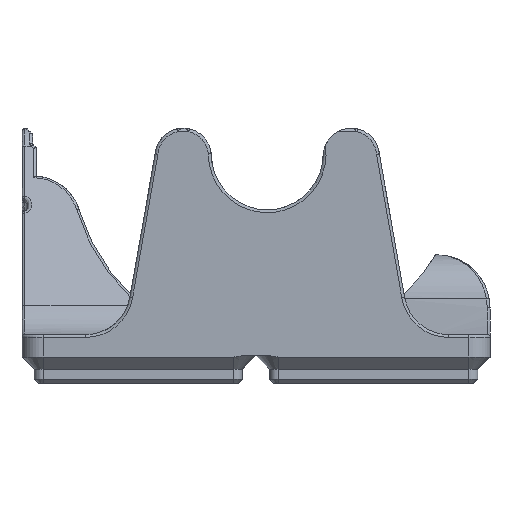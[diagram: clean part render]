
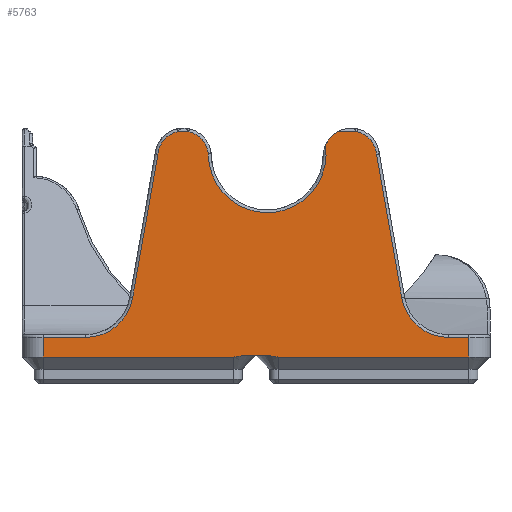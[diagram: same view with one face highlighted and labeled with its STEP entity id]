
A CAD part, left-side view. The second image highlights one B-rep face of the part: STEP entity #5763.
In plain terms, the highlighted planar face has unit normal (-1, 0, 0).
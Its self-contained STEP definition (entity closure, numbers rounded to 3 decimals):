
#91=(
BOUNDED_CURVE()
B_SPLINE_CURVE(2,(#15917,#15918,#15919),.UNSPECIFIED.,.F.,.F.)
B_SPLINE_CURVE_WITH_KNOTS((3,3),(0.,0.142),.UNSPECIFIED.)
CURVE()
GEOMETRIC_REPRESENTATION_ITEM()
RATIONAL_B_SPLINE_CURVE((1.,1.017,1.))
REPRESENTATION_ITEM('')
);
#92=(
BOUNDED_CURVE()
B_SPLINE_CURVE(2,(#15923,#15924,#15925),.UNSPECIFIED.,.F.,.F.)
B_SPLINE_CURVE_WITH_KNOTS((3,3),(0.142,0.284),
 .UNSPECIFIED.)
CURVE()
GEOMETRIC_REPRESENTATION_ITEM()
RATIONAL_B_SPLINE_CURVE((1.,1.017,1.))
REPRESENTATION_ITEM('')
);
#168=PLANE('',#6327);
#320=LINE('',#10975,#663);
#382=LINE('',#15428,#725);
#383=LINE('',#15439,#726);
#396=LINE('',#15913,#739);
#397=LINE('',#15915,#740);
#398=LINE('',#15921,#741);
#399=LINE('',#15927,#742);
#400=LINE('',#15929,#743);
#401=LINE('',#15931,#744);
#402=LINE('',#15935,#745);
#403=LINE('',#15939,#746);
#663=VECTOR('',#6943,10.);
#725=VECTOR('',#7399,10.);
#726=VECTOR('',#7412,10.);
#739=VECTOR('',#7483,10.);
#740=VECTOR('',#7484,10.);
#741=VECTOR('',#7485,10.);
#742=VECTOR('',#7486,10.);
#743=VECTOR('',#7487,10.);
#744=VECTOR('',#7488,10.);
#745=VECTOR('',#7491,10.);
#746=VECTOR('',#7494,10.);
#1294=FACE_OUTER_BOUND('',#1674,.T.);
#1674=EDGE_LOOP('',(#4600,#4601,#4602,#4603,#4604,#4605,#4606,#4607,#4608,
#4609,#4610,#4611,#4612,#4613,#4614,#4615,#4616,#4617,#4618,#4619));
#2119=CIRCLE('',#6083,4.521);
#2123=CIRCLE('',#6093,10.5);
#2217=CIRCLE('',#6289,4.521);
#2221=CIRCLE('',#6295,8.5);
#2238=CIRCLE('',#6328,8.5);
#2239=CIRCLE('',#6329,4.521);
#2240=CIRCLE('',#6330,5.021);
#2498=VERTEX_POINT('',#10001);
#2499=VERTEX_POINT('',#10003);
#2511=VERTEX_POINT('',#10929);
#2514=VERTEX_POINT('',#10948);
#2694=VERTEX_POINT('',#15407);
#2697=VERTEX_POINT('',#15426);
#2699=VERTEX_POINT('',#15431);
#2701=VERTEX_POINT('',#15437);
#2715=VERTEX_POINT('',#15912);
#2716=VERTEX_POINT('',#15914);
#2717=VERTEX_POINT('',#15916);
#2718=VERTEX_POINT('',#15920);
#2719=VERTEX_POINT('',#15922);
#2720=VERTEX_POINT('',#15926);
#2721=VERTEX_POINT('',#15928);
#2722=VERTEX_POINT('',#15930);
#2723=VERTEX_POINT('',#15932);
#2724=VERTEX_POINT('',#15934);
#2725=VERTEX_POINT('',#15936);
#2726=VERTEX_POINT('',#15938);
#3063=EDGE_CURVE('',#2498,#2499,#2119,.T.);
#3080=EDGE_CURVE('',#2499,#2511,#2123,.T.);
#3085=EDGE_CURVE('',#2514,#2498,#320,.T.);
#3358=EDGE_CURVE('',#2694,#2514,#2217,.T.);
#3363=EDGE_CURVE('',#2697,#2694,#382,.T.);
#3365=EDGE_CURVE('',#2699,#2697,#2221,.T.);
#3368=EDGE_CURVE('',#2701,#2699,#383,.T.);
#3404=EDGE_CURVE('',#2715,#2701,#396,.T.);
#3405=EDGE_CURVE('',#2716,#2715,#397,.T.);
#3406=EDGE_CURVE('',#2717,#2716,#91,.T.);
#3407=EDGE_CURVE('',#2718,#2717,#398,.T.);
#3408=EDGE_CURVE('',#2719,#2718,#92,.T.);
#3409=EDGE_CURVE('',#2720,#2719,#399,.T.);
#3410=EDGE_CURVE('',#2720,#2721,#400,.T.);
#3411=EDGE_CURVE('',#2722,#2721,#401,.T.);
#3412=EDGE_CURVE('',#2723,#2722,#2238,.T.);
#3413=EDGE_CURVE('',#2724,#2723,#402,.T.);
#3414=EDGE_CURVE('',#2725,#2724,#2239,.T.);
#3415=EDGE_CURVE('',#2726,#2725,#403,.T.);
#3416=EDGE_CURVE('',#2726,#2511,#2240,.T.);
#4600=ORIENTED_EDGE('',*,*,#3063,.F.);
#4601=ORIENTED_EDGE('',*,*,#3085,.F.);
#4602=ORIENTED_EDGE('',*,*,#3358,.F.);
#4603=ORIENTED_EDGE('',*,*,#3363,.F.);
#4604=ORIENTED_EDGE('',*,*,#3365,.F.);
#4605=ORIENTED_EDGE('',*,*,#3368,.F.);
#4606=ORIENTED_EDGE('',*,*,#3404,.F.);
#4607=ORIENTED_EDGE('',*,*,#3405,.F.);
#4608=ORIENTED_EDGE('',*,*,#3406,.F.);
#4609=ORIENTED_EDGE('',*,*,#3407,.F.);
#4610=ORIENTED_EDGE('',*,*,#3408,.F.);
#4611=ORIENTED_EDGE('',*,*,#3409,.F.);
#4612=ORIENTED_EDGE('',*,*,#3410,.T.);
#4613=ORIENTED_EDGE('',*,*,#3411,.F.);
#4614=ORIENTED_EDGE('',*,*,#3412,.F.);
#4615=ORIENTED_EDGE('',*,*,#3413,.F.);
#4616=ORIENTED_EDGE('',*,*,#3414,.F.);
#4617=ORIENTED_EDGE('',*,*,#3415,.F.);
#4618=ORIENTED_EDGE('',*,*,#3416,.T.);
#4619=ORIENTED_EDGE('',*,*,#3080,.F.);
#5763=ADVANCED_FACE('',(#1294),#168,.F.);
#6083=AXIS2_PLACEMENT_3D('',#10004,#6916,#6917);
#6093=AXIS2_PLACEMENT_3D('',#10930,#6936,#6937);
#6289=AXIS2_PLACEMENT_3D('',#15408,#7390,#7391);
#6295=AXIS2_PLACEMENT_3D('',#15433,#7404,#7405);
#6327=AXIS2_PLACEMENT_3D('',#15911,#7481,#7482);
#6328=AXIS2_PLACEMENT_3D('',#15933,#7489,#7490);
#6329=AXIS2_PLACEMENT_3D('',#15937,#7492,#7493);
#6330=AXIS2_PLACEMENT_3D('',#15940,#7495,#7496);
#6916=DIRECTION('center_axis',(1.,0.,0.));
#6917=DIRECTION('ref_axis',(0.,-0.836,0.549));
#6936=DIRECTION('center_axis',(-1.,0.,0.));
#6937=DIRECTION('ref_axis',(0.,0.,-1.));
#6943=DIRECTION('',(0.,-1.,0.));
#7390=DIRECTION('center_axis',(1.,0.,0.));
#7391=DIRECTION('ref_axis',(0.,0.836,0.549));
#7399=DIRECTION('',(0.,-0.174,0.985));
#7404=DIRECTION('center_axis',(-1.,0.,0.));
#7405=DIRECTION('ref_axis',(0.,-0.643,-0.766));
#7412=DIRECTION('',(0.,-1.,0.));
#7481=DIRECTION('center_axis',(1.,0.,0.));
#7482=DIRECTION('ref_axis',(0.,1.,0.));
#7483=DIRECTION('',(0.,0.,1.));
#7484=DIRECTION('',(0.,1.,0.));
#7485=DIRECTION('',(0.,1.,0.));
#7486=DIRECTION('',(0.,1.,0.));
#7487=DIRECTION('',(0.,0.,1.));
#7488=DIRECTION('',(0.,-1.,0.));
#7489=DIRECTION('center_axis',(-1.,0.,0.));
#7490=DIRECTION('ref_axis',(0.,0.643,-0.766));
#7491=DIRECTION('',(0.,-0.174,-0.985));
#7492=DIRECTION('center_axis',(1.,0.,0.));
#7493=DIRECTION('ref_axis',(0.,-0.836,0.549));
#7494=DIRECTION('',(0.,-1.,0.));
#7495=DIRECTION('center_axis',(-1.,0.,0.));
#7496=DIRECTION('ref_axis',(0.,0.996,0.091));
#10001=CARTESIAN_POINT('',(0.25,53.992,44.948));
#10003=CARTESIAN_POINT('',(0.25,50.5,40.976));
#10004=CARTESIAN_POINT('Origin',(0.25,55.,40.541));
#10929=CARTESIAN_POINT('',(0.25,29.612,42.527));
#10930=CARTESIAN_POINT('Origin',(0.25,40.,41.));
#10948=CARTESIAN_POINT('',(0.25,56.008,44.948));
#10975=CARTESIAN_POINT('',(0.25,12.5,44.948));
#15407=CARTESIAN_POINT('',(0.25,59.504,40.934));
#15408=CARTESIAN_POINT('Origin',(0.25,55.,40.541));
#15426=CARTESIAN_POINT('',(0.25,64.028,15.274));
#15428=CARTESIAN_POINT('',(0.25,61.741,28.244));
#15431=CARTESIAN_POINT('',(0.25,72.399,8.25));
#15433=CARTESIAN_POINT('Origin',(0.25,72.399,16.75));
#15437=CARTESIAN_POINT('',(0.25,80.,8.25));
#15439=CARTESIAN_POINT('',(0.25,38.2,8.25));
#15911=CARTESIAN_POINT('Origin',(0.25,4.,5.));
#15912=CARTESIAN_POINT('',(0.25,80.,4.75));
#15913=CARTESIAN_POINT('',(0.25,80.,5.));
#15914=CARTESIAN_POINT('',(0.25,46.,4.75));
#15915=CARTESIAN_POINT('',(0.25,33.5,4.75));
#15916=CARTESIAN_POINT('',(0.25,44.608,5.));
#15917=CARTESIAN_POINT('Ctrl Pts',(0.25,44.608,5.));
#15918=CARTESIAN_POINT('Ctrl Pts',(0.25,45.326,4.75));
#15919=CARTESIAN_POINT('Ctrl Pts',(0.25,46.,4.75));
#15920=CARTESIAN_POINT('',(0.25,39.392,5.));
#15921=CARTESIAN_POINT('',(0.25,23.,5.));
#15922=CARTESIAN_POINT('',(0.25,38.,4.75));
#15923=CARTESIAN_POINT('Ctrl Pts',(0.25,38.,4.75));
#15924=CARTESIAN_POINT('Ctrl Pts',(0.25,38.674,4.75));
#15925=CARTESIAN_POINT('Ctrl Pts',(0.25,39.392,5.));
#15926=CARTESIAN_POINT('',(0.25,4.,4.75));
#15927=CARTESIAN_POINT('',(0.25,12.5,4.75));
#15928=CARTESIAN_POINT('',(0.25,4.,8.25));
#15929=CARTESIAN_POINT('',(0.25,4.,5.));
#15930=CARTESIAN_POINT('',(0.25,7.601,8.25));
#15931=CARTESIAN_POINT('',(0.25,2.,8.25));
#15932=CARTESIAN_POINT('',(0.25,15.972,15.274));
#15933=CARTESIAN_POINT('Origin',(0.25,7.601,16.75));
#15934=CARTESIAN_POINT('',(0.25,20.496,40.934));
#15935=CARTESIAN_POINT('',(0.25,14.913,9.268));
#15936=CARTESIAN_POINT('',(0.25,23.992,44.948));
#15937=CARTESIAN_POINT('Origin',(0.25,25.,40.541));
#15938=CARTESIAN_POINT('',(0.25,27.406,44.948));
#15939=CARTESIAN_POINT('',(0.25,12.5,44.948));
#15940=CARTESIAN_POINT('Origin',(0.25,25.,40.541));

→ Task description:
Reproduce, word for word and in full, only the lines above that start at the line with "#7496=DIRECTION('ref_axis',(0.,0.996,0.091));" and run through the line with "#10975=CARTESIAN_POINT('',(0.25,12.5,44.948));", both ends included.

→ Solution to the problem:
#7496=DIRECTION('ref_axis',(0.,0.996,0.091));
#10001=CARTESIAN_POINT('',(0.25,53.992,44.948));
#10003=CARTESIAN_POINT('',(0.25,50.5,40.976));
#10004=CARTESIAN_POINT('Origin',(0.25,55.,40.541));
#10929=CARTESIAN_POINT('',(0.25,29.612,42.527));
#10930=CARTESIAN_POINT('Origin',(0.25,40.,41.));
#10948=CARTESIAN_POINT('',(0.25,56.008,44.948));
#10975=CARTESIAN_POINT('',(0.25,12.5,44.948));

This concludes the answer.